Flying fast and loose with the truth
March 15, 2011 § Leave a comment
In the hours after the Japanese earthquake, someone posted on Twitter that the creator of Pokemon, Satoshi Tajiri, had been killed and the news quickly spread.
But like reports of Mark Twain’s death in 1897, Tajiri’s ‘death’ was greatly exaggerated. The news was picked up by gaming blogs and websites prompting Nintendo, maker of the Pokemon games, to respond in a statement. Satoshi Tajiri was alive and unharmed, as were all of Nintendo’s employees.
Tajiri himself updated his status on Facebook to reassure everyone and to correct assertions that he was an employee of Nintendo. “Dear Hummingbirds, what’s this nonsense about me being dead? Also, I don’t work at Nintendo Japan, I’m the CEO of Game Freak (everybody is fine). More importantly, if you can, help Japan,” he wrote.
What motivated the source of this hoax? Was it an anti-social reflex or a silly prank? Whatever it was, it represents a dark side to social media that some users are motivated enough to tell lies about someone’s death. Social media is excellent at breaking news but it is also very good at spreading wrong information.
In another recent case, a young Wellington Twitter user alerted organisations including the New Zealand Herald and the Asia New Zealand Foundation that interpreters were being asked to volunteer their services to cater for a large group of internationals who had been transferred to the Capital in the recent aftermath of the February Christchurch earthquake. She said the volunteer interpreters were being asked to meet at Te Papa at 5pm that day.
News reporters were soon sensing a story and on the phone to me at the Asia New Zealand Foundation. On closer examination, the story turned out to be that the young tweeter had been given the information by her mother who taught at an English language school. This was all good and well except that the call for interpreters had been for the day before.
This was not a malicious tweet but it was like the first, a waste of everyone’s time. There are similarities between those two examples and the fight that CNN found itself in over its live coverage of the Sendai earthquake and tsunami in what has come to be known as the “Godzilla incident”.
As you can read here on Mashable, CNN news anchor Rosemary Church was accused of laughing and joking about the disaster in Japan and either her or her interviewee were thought to have made a light-hearted reference to Godzilla, the famed Japanese B-grade monster.

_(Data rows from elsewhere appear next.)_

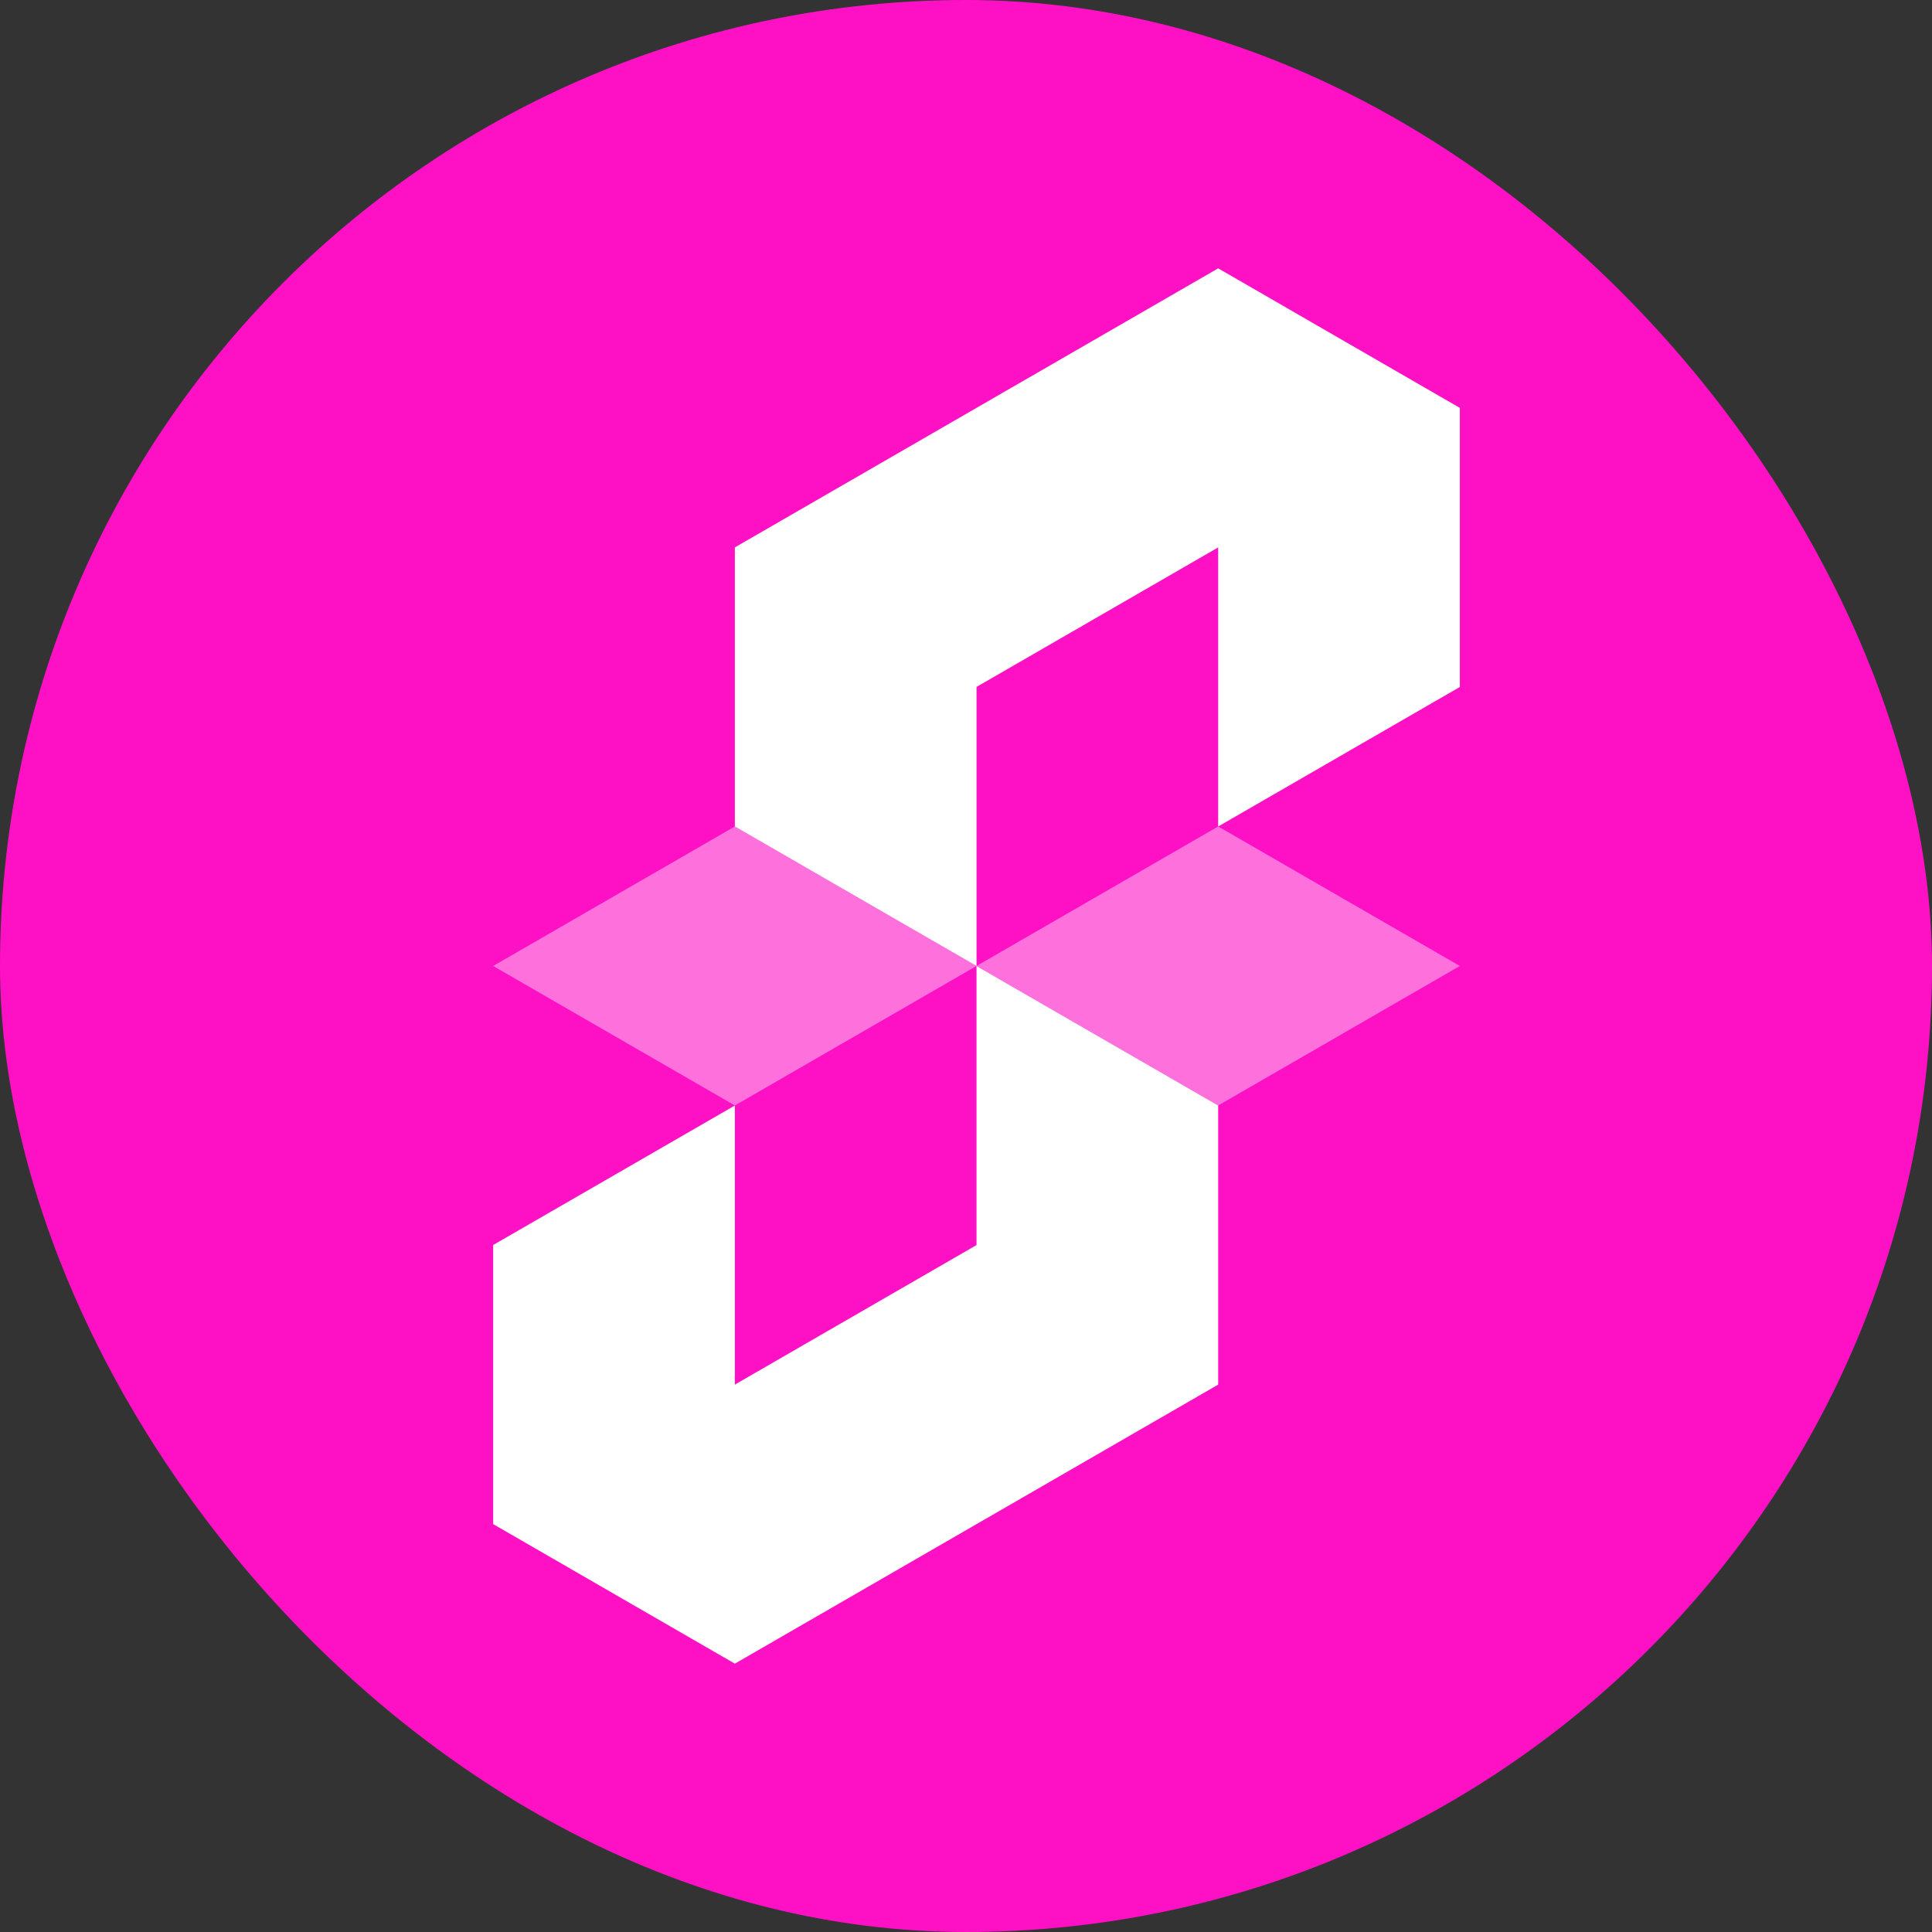 <svg width="72" height="72" viewBox="0 0 72 72" fill="none" xmlns="http://www.w3.org/2000/svg">
<rect x="0" y="0" width="72" height="72" fill="#333333" stroke="none"/>
<g clip-path="url(#clip0_3833_29)">
<rect width="72" height="72" rx="36" fill="#FE11C5"/>
<path d="M54.404 15.201V25.602L45.398 30.801V20.4L36.392 25.6V36L27.386 30.801V20.4L45.398 10L54.404 15.201Z" fill="white"/>
<path opacity="0.4" d="M36.392 35.999L27.386 41.198L18.379 35.999L27.386 30.8L36.392 35.999Z" fill="white"/>
<path d="M45.398 41.199V51.6L27.386 62L18.379 56.799V46.398L27.386 41.199V51.6L36.392 46.4V36L45.398 41.199Z" fill="white"/>
<path opacity="0.4" d="M54.404 35.999L45.398 41.198L36.392 35.999L45.398 30.8L54.404 35.999Z" fill="white"/>
</g>
<defs>
<clipPath id="clip0_3833_29">
<rect width="72" height="72" rx="36" fill="white"/>
</clipPath>
</defs>
</svg>

All of this would have been justified had the source of the complaint on Twitter heard correctly. But he got it wrong. Godzilla was never mentioned although the American eyewitness she was talking to did make reference to scenes “almost like a monster movie”. And Church never laughed once.
In view of these examples, nobody in their right mind would indiscriminately equate Twitter with the truth. Like any other tool in our hands, social media gets used in good ways and bad ways, used wisely, informatively and humorously or used foolishly, wrongly and maliciously.
But after an afternoon watching news tweets roll out and become amplified, about a new tsunami threat, and then seeing those tweets get cancelled out when it proved to be a false alarm, I was strangely encouraged.
Many of us care enough about information to update old information (thankfully, no second tsunami), to correct wrong information and to challenge malicious information. It’s called the great social media self-correcting organism. Check, challenge, corroborate, confirm and verify. The truth doesn’t always come out on top but I’m glad to know it matters for many of us using social media. In the meantime, be careful out there.